In seinem theologischen Aufbruch nach dem 1. Weltkrieg hatte Karl Barth (1886-1968) der historisch-kritischen Methode eine nicht überflüssige, aber doch nur vorbereitende Bedeutung für die notwendige theologischen Exegese zugebilligt (Der Römerbrief, 1919), sich wenige Jahre danach im übrigen aber ausdrücklich gegenüber Harnack in einem berühmten Briefwechsel (Ein Briefwechsel mit Adolf von Harnack, in: K. Barth: Theologische Fragen und Antworten, 1957) gegen den Vorwurf der Verachtung der Wissenschaft verteidigt. Bei den exegetischen Fachleuten hat Barth viel Kritik erfahren, doch hat man sich auch gefragt, ob man seine Exegese nicht als eine „nachkritische Schriftauslegung“ verstehen könne (R. Smend, 1966).

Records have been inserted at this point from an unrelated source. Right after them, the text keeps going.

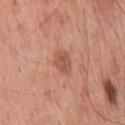Notes:
– lighting: white-light
– image: ~15 mm crop, total-body skin-cancer survey
– site: the back
– patient: male, aged 53 to 57
– automated lesion analysis: a lesion area of about 4.5 mm² and an eccentricity of roughly 0.7; an average lesion color of about L≈54 a*≈26 b*≈32 (CIELAB) and a lesion–skin lightness drop of about 9; a nevus-likeness score of about 65/100
– lesion diameter: ≈3 mm
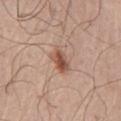Part of a total-body skin-imaging series; this lesion was reviewed on a skin check and was not flagged for biopsy.
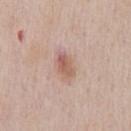{
  "biopsy_status": "not biopsied; imaged during a skin examination",
  "site": "chest",
  "image": {
    "source": "total-body photography crop",
    "field_of_view_mm": 15
  },
  "lighting": "white-light",
  "lesion_size": {
    "long_diameter_mm_approx": 3.0
  },
  "patient": {
    "sex": "male",
    "age_approx": 60
  },
  "automated_metrics": {
    "area_mm2_approx": 4.0,
    "eccentricity": 0.8,
    "shape_asymmetry": 0.2,
    "cielab_L": 58,
    "cielab_a": 21,
    "cielab_b": 27,
    "vs_skin_darker_L": 10.0,
    "vs_skin_contrast_norm": 7.0,
    "border_irregularity_0_10": 2.0,
    "color_variation_0_10": 5.0,
    "peripheral_color_asymmetry": 1.5,
    "nevus_likeness_0_100": 35,
    "lesion_detection_confidence_0_100": 100
  }
}
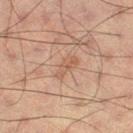{"biopsy_status": "not biopsied; imaged during a skin examination", "image": {"source": "total-body photography crop", "field_of_view_mm": 15}, "lighting": "cross-polarized", "patient": {"sex": "male", "age_approx": 60}, "lesion_size": {"long_diameter_mm_approx": 3.0}}
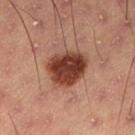The lesion was tiled from a total-body skin photograph and was not biopsied. The lesion is on the abdomen. Approximately 5 mm at its widest. A 15 mm close-up extracted from a 3D total-body photography capture. Automated image analysis of the tile measured an area of roughly 15 mm² and a shape eccentricity near 0.55. The analysis additionally found border irregularity of about 1.5 on a 0–10 scale, a color-variation rating of about 4.5/10, and a peripheral color-asymmetry measure near 1.5. The patient is a male about 55 years old.
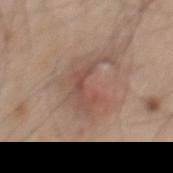The lesion was photographed on a routine skin check and not biopsied; there is no pathology result. A male subject, in their mid-40s. The lesion's longest dimension is about 5.5 mm. This image is a 15 mm lesion crop taken from a total-body photograph. From the mid back. The lesion-visualizer software estimated a symmetry-axis asymmetry near 0.6. The software also gave a classifier nevus-likeness of about 15/100 and a detector confidence of about 100 out of 100 that the crop contains a lesion. The tile uses white-light illumination.
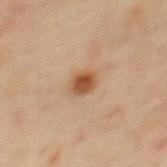Part of a total-body skin-imaging series; this lesion was reviewed on a skin check and was not flagged for biopsy. A 15 mm close-up tile from a total-body photography series done for melanoma screening. The patient is a male aged 43 to 47. Approximately 2.5 mm at its widest. The lesion is on the mid back. Captured under cross-polarized illumination.
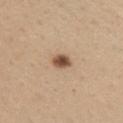– notes: total-body-photography surveillance lesion; no biopsy
– tile lighting: white-light illumination
– location: the front of the torso
– subject: female, aged 58 to 62
– lesion size: ≈2.5 mm
– image: 15 mm crop, total-body photography
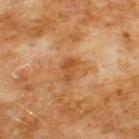Captured during whole-body skin photography for melanoma surveillance; the lesion was not biopsied. Longest diameter approximately 3 mm. On the chest. Imaged with cross-polarized lighting. A male subject roughly 60 years of age. An algorithmic analysis of the crop reported a footprint of about 4.5 mm² and an eccentricity of roughly 0.8. The analysis additionally found a lesion color around L≈50 a*≈25 b*≈40 in CIELAB, a lesion–skin lightness drop of about 9, and a lesion-to-skin contrast of about 6.5 (normalized; higher = more distinct). And it measured border irregularity of about 3.5 on a 0–10 scale, internal color variation of about 3 on a 0–10 scale, and peripheral color asymmetry of about 1. A 15 mm close-up tile from a total-body photography series done for melanoma screening.
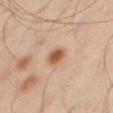biopsy_status: not biopsied; imaged during a skin examination
image:
  source: total-body photography crop
  field_of_view_mm: 15
patient:
  sex: male
  age_approx: 45
automated_metrics:
  area_mm2_approx: 4.5
  shape_asymmetry: 0.25
  nevus_likeness_0_100: 95
lighting: cross-polarized
site: right thigh
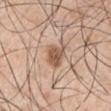notes: no biopsy performed (imaged during a skin exam)
acquisition: ~15 mm tile from a whole-body skin photo
subject: male, aged approximately 50
image-analysis metrics: a lesion area of about 6 mm² and two-axis asymmetry of about 0.3; an average lesion color of about L≈56 a*≈20 b*≈30 (CIELAB), roughly 12 lightness units darker than nearby skin, and a lesion-to-skin contrast of about 8.5 (normalized; higher = more distinct)
tile lighting: white-light
diameter: ≈3.5 mm
site: the left upper arm
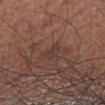Clinical impression:
The lesion was photographed on a routine skin check and not biopsied; there is no pathology result.
Background:
Automated tile analysis of the lesion measured a mean CIELAB color near L≈37 a*≈18 b*≈23, a lesion–skin lightness drop of about 5, and a normalized border contrast of about 5. And it measured a border-irregularity rating of about 3.5/10 and a within-lesion color-variation index near 1/10. The tile uses white-light illumination. Approximately 3 mm at its widest. The subject is a male aged around 65. The lesion is located on the arm. A 15 mm crop from a total-body photograph taken for skin-cancer surveillance.
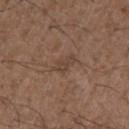Q: Was a biopsy performed?
A: catalogued during a skin exam; not biopsied
Q: What is the anatomic site?
A: the right upper arm
Q: What is the imaging modality?
A: 15 mm crop, total-body photography
Q: Who is the patient?
A: male, roughly 50 years of age
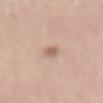illumination: white-light | subject: male, roughly 30 years of age | image source: ~15 mm tile from a whole-body skin photo | location: the back.
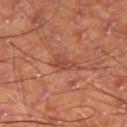{
  "biopsy_status": "not biopsied; imaged during a skin examination",
  "patient": {
    "sex": "male",
    "age_approx": 60
  },
  "image": {
    "source": "total-body photography crop",
    "field_of_view_mm": 15
  },
  "site": "right thigh"
}
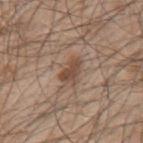notes — total-body-photography surveillance lesion; no biopsy | image source — ~15 mm crop, total-body skin-cancer survey | patient — male, aged around 50 | body site — the left upper arm | lesion diameter — ≈3.5 mm | image-analysis metrics — a mean CIELAB color near L≈48 a*≈17 b*≈27 and a normalized lesion–skin contrast near 7.5; a border-irregularity rating of about 4/10 and a peripheral color-asymmetry measure near 1; a detector confidence of about 100 out of 100 that the crop contains a lesion.
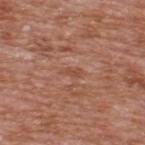biopsy status — no biopsy performed (imaged during a skin exam)
lighting — white-light illumination
location — the upper back
image-analysis metrics — border irregularity of about 3 on a 0–10 scale, a within-lesion color-variation index near 0/10, and radial color variation of about 0
lesion size — ~2.5 mm (longest diameter)
acquisition — ~15 mm tile from a whole-body skin photo
patient — male, in their mid-60s
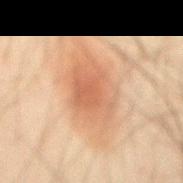image = ~15 mm crop, total-body skin-cancer survey; patient = male, aged 43 to 47; illumination = cross-polarized illumination; diameter = ~7.5 mm (longest diameter); site = the abdomen.
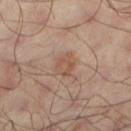subject — male, aged 63–67
acquisition — total-body-photography crop, ~15 mm field of view
diameter — ≈3 mm
TBP lesion metrics — a footprint of about 5.5 mm², a shape eccentricity near 0.5, and a symmetry-axis asymmetry near 0.25; a lesion color around L≈49 a*≈17 b*≈27 in CIELAB, about 7 CIELAB-L* units darker than the surrounding skin, and a lesion-to-skin contrast of about 6 (normalized; higher = more distinct)
site — the left lower leg
lighting — cross-polarized illumination
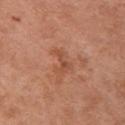{"biopsy_status": "not biopsied; imaged during a skin examination", "lesion_size": {"long_diameter_mm_approx": 3.0}, "image": {"source": "total-body photography crop", "field_of_view_mm": 15}, "patient": {"sex": "female", "age_approx": 65}, "site": "left upper arm", "lighting": "white-light"}
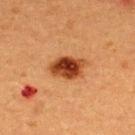Clinical impression: Recorded during total-body skin imaging; not selected for excision or biopsy. Acquisition and patient details: The subject is a male approximately 40 years of age. Cropped from a total-body skin-imaging series; the visible field is about 15 mm. On the upper back. Imaged with cross-polarized lighting. About 4.5 mm across.
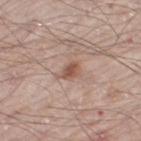Q: Was a biopsy performed?
A: no biopsy performed (imaged during a skin exam)
Q: What kind of image is this?
A: total-body-photography crop, ~15 mm field of view
Q: What are the patient's age and sex?
A: male, aged 58–62
Q: Where on the body is the lesion?
A: the right thigh
Q: What did automated image analysis measure?
A: a footprint of about 3.5 mm², an eccentricity of roughly 0.75, and two-axis asymmetry of about 0.2; an average lesion color of about L≈53 a*≈20 b*≈27 (CIELAB), a lesion–skin lightness drop of about 10, and a normalized border contrast of about 7.5; internal color variation of about 2.5 on a 0–10 scale and peripheral color asymmetry of about 1
Q: Illumination type?
A: white-light illumination
Q: What is the lesion's diameter?
A: ≈2.5 mm
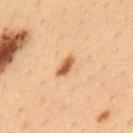follow-up — catalogued during a skin exam; not biopsied
patient — male, aged around 35
acquisition — 15 mm crop, total-body photography
lighting — cross-polarized illumination
site — the upper back
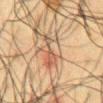follow-up=catalogued during a skin exam; not biopsied
patient=male, aged 58–62
anatomic site=the chest
lighting=cross-polarized illumination
image=~15 mm crop, total-body skin-cancer survey
lesion diameter=~4.5 mm (longest diameter)
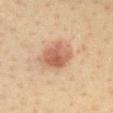  biopsy_status: not biopsied; imaged during a skin examination
  lighting: cross-polarized
  patient:
    sex: female
    age_approx: 40
  site: chest
  lesion_size:
    long_diameter_mm_approx: 4.5
  image:
    source: total-body photography crop
    field_of_view_mm: 15
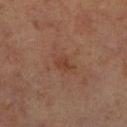Part of a total-body skin-imaging series; this lesion was reviewed on a skin check and was not flagged for biopsy. Captured under cross-polarized illumination. This image is a 15 mm lesion crop taken from a total-body photograph. Automated image analysis of the tile measured a lesion color around L≈31 a*≈18 b*≈24 in CIELAB, about 5 CIELAB-L* units darker than the surrounding skin, and a lesion-to-skin contrast of about 5.5 (normalized; higher = more distinct). A male patient, aged 63–67. From the leg. Approximately 2.5 mm at its widest.
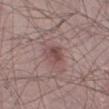Imaged during a routine full-body skin examination; the lesion was not biopsied and no histopathology is available. A male patient aged approximately 25. The lesion is on the right lower leg. The total-body-photography lesion software estimated a classifier nevus-likeness of about 70/100 and a detector confidence of about 100 out of 100 that the crop contains a lesion. About 3 mm across. Captured under white-light illumination. A roughly 15 mm field-of-view crop from a total-body skin photograph.
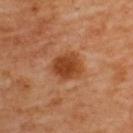On the upper back.
A female subject in their mid-60s.
Imaged with cross-polarized lighting.
A close-up tile cropped from a whole-body skin photograph, about 15 mm across.
Measured at roughly 4 mm in maximum diameter.
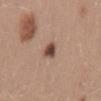<case>
<lesion_size>
  <long_diameter_mm_approx>2.5</long_diameter_mm_approx>
</lesion_size>
<patient>
  <sex>female</sex>
  <age_approx>25</age_approx>
</patient>
<lighting>white-light</lighting>
<site>mid back</site>
<image>
  <source>total-body photography crop</source>
  <field_of_view_mm>15</field_of_view_mm>
</image>
</case>
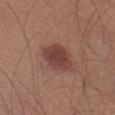workup: imaged on a skin check; not biopsied
illumination: white-light
patient: male, aged 48 to 52
acquisition: total-body-photography crop, ~15 mm field of view
diameter: ≈4.5 mm
location: the left thigh
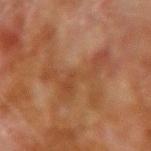Recorded during total-body skin imaging; not selected for excision or biopsy. A region of skin cropped from a whole-body photographic capture, roughly 15 mm wide. On the right upper arm. A male patient in their 70s.
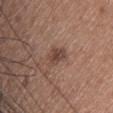Recorded during total-body skin imaging; not selected for excision or biopsy.
From the head or neck.
A female patient approximately 60 years of age.
Automated image analysis of the tile measured an area of roughly 4.5 mm², a shape eccentricity near 0.75, and a symmetry-axis asymmetry near 0.25. The software also gave border irregularity of about 2.5 on a 0–10 scale, a within-lesion color-variation index near 4/10, and a peripheral color-asymmetry measure near 1.5. The software also gave a nevus-likeness score of about 45/100 and a detector confidence of about 100 out of 100 that the crop contains a lesion.
A lesion tile, about 15 mm wide, cut from a 3D total-body photograph.
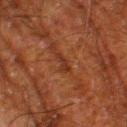| key | value |
|---|---|
| notes | no biopsy performed (imaged during a skin exam) |
| lesion diameter | ≈3 mm |
| lighting | cross-polarized |
| acquisition | total-body-photography crop, ~15 mm field of view |
| patient | male, roughly 80 years of age |
| location | the left thigh |
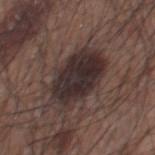<record>
  <biopsy_status>not biopsied; imaged during a skin examination</biopsy_status>
  <image>
    <source>total-body photography crop</source>
    <field_of_view_mm>15</field_of_view_mm>
  </image>
  <lighting>white-light</lighting>
  <site>chest</site>
  <lesion_size>
    <long_diameter_mm_approx>7.0</long_diameter_mm_approx>
  </lesion_size>
  <patient>
    <sex>male</sex>
    <age_approx>75</age_approx>
  </patient>
</record>
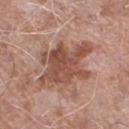workup = total-body-photography surveillance lesion; no biopsy | TBP lesion metrics = a lesion–skin lightness drop of about 12 and a normalized border contrast of about 8.5; a nevus-likeness score of about 0/100 and lesion-presence confidence of about 100/100 | anatomic site = the left lower leg | diameter = ~7.5 mm (longest diameter) | patient = male, aged around 75 | imaging modality = total-body-photography crop, ~15 mm field of view | lighting = white-light.
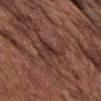Assessment:
The lesion was tiled from a total-body skin photograph and was not biopsied.
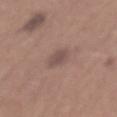Q: Is there a histopathology result?
A: no biopsy performed (imaged during a skin exam)
Q: Automated lesion metrics?
A: a lesion color around L≈49 a*≈17 b*≈21 in CIELAB, about 8 CIELAB-L* units darker than the surrounding skin, and a normalized border contrast of about 6.5
Q: What is the lesion's diameter?
A: ~3 mm (longest diameter)
Q: Who is the patient?
A: male, aged around 65
Q: Illumination type?
A: white-light illumination
Q: What is the imaging modality?
A: 15 mm crop, total-body photography
Q: Where on the body is the lesion?
A: the mid back
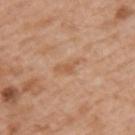Captured during whole-body skin photography for melanoma surveillance; the lesion was not biopsied. A roughly 15 mm field-of-view crop from a total-body skin photograph. Imaged with white-light lighting. A male patient, in their mid- to late 60s. Located on the upper back. The lesion's longest dimension is about 3 mm. Automated tile analysis of the lesion measured a footprint of about 2.5 mm², a shape eccentricity near 0.95, and two-axis asymmetry of about 0.6. The analysis additionally found an average lesion color of about L≈57 a*≈22 b*≈35 (CIELAB) and a lesion–skin lightness drop of about 7. The software also gave border irregularity of about 7 on a 0–10 scale and internal color variation of about 0 on a 0–10 scale. The software also gave a classifier nevus-likeness of about 0/100.
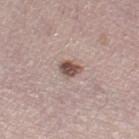notes = no biopsy performed (imaged during a skin exam); subject = female, aged 48 to 52; lighting = white-light; imaging modality = 15 mm crop, total-body photography; location = the right thigh.
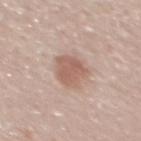A close-up tile cropped from a whole-body skin photograph, about 15 mm across.
Captured under white-light illumination.
Automated tile analysis of the lesion measured an area of roughly 9 mm², a shape eccentricity near 0.6, and a symmetry-axis asymmetry near 0.25. And it measured a within-lesion color-variation index near 2/10 and peripheral color asymmetry of about 0.5. And it measured a nevus-likeness score of about 90/100.
The lesion is located on the upper back.
A male patient, approximately 60 years of age.
Approximately 4 mm at its widest.
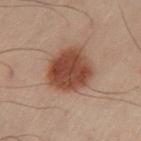Q: Was this lesion biopsied?
A: total-body-photography surveillance lesion; no biopsy
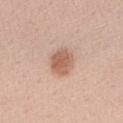Clinical summary: Automated tile analysis of the lesion measured a lesion color around L≈60 a*≈21 b*≈29 in CIELAB, about 12 CIELAB-L* units darker than the surrounding skin, and a normalized border contrast of about 7.5. The software also gave border irregularity of about 2 on a 0–10 scale and peripheral color asymmetry of about 0.5. The software also gave a classifier nevus-likeness of about 95/100 and lesion-presence confidence of about 100/100. The recorded lesion diameter is about 4 mm. Cropped from a total-body skin-imaging series; the visible field is about 15 mm. The patient is a female aged around 40. Captured under white-light illumination. On the right forearm.
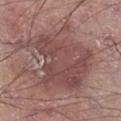Assessment: Captured during whole-body skin photography for melanoma surveillance; the lesion was not biopsied. Background: Imaged with white-light lighting. Cropped from a whole-body photographic skin survey; the tile spans about 15 mm. Longest diameter approximately 9 mm. On the right lower leg. A male patient aged around 70.
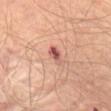This lesion was catalogued during total-body skin photography and was not selected for biopsy.
The tile uses cross-polarized illumination.
Automated image analysis of the tile measured an outline eccentricity of about 0.8 (0 = round, 1 = elongated) and a symmetry-axis asymmetry near 0.2. And it measured an average lesion color of about L≈55 a*≈26 b*≈26 (CIELAB) and a lesion–skin lightness drop of about 12. And it measured an automated nevus-likeness rating near 15 out of 100 and a detector confidence of about 100 out of 100 that the crop contains a lesion.
The patient is a male aged around 65.
From the abdomen.
Cropped from a whole-body photographic skin survey; the tile spans about 15 mm.
Approximately 2.5 mm at its widest.
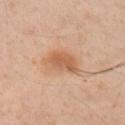Acquisition and patient details: This image is a 15 mm lesion crop taken from a total-body photograph. From the arm. A male subject approximately 45 years of age.
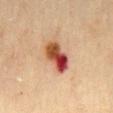Q: Was a biopsy performed?
A: no biopsy performed (imaged during a skin exam)
Q: What is the anatomic site?
A: the mid back
Q: How large is the lesion?
A: ~4.5 mm (longest diameter)
Q: What did automated image analysis measure?
A: a classifier nevus-likeness of about 0/100 and lesion-presence confidence of about 100/100
Q: Who is the patient?
A: male, aged around 45
Q: How was the tile lit?
A: cross-polarized illumination
Q: What is the imaging modality?
A: ~15 mm tile from a whole-body skin photo
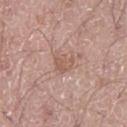| key | value |
|---|---|
| workup | total-body-photography surveillance lesion; no biopsy |
| subject | male, roughly 55 years of age |
| image | total-body-photography crop, ~15 mm field of view |
| body site | the leg |
| lesion diameter | ≈2.5 mm |
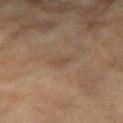Clinical impression: No biopsy was performed on this lesion — it was imaged during a full skin examination and was not determined to be concerning. Image and clinical context: The total-body-photography lesion software estimated a border-irregularity rating of about 3.5/10, internal color variation of about 0 on a 0–10 scale, and radial color variation of about 0. The lesion's longest dimension is about 2.5 mm. Located on the arm. A female subject, aged approximately 80. Captured under cross-polarized illumination. A lesion tile, about 15 mm wide, cut from a 3D total-body photograph.
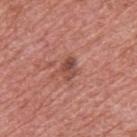This lesion was catalogued during total-body skin photography and was not selected for biopsy. A male patient aged 68 to 72. Located on the upper back. A close-up tile cropped from a whole-body skin photograph, about 15 mm across. Captured under white-light illumination.
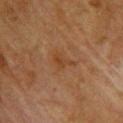biopsy status=no biopsy performed (imaged during a skin exam)
image source=~15 mm crop, total-body skin-cancer survey
anatomic site=the upper back
lesion size=≈2.5 mm
subject=female, aged 78–82
tile lighting=cross-polarized illumination
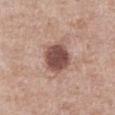Recorded during total-body skin imaging; not selected for excision or biopsy.
A 15 mm close-up tile from a total-body photography series done for melanoma screening.
Located on the chest.
The recorded lesion diameter is about 4.5 mm.
The tile uses white-light illumination.
A male patient aged 68 to 72.
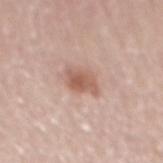The lesion was photographed on a routine skin check and not biopsied; there is no pathology result. Imaged with white-light lighting. Cropped from a total-body skin-imaging series; the visible field is about 15 mm. On the mid back. Longest diameter approximately 3 mm. A male patient about 60 years old.
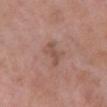Impression: No biopsy was performed on this lesion — it was imaged during a full skin examination and was not determined to be concerning. Context: From the chest. About 3.5 mm across. A female patient, aged approximately 70. The tile uses white-light illumination. A close-up tile cropped from a whole-body skin photograph, about 15 mm across.
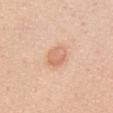illumination=white-light; subject=female, aged approximately 40; anatomic site=the chest; lesion size=about 3 mm; automated lesion analysis=a footprint of about 6 mm², an eccentricity of roughly 0.7, and two-axis asymmetry of about 0.3; acquisition=15 mm crop, total-body photography.
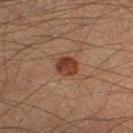<case>
  <biopsy_status>not biopsied; imaged during a skin examination</biopsy_status>
  <patient>
    <sex>male</sex>
    <age_approx>40</age_approx>
  </patient>
  <image>
    <source>total-body photography crop</source>
    <field_of_view_mm>15</field_of_view_mm>
  </image>
  <automated_metrics>
    <eccentricity>0.55</eccentricity>
    <shape_asymmetry>0.15</shape_asymmetry>
    <cielab_L>34</cielab_L>
    <cielab_a>21</cielab_a>
    <cielab_b>27</cielab_b>
    <vs_skin_darker_L>11.0</vs_skin_darker_L>
    <vs_skin_contrast_norm>10.0</vs_skin_contrast_norm>
  </automated_metrics>
  <site>left lower leg</site>
  <lesion_size>
    <long_diameter_mm_approx>2.5</long_diameter_mm_approx>
  </lesion_size>
  <lighting>cross-polarized</lighting>
</case>
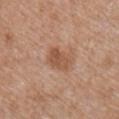The lesion was tiled from a total-body skin photograph and was not biopsied. A male patient approximately 65 years of age. Imaged with white-light lighting. The lesion's longest dimension is about 3.5 mm. A roughly 15 mm field-of-view crop from a total-body skin photograph. The total-body-photography lesion software estimated two-axis asymmetry of about 0.2. The software also gave an average lesion color of about L≈53 a*≈21 b*≈32 (CIELAB), about 9 CIELAB-L* units darker than the surrounding skin, and a lesion-to-skin contrast of about 6.5 (normalized; higher = more distinct). The lesion is on the right upper arm.
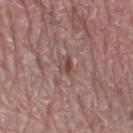biopsy status: no biopsy performed (imaged during a skin exam); body site: the right lower leg; acquisition: ~15 mm tile from a whole-body skin photo; size: ~2.5 mm (longest diameter); subject: female, approximately 65 years of age.
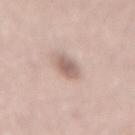{"biopsy_status": "not biopsied; imaged during a skin examination", "lesion_size": {"long_diameter_mm_approx": 3.0}, "lighting": "white-light", "site": "lower back", "patient": {"sex": "female", "age_approx": 65}, "image": {"source": "total-body photography crop", "field_of_view_mm": 15}}
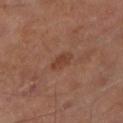Image and clinical context: Located on the leg. A male subject approximately 70 years of age. A region of skin cropped from a whole-body photographic capture, roughly 15 mm wide.
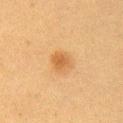Findings:
- site — the arm
- image — ~15 mm tile from a whole-body skin photo
- patient — female, in their 40s
- size — ~2.5 mm (longest diameter)
- illumination — cross-polarized illumination

Heute wird wieder die Frage nach den Grenzen der historisch-kritisch arbeitenden Exegese gestellt (→ christliche Bibelauslegung). Sie wird als steril empfunden, und es kann ein gewisser Unwillen gegenüber ihren Ergebnissen beobachtet werden. Ergänzend zur historisch-kritischen Exegese oder auch im Widerspruch zu ihrer Methode werden gegenwärtig neue Aspekte geltend gemacht. So ist der „diachronen“ Quellenscheidung der literarkritischen Exegese ein „synchrones“ Verfahren entgegengesetzt worden, das als „Canonical Approach“ der kanonischen Endgestalt der Überlieferung normative Bedeutung beimisst (s. besonders Brevard S. Childs, Introduction to the Old Testament as Scripture, 1979). In der Ökumene kann eine fundamentalistisch anmutende Rückwendung zu den konservativen Exegeten des 19. Jh.s begegnen. Und verschiedenen Orts wird der historisch-kritischen Bibelauslegung eine in verschiedenen Richtungen „engagierte“ Exegese entgegengestellt. Der Betrachter der Geschichte der christlichen Bibelauslegung hat aus reicher Anschauung Verständnis für das Nebeneinander von wissenschaftlicher Analyse und persönlichem Bekenntnis, das bisher nicht abschließend reflektiert ist. Aber er weiß auch, dass die Glanzzeiten der Exegese stets mit einem Fortschritt in der Erklärung des sensus litteralis verbunden waren.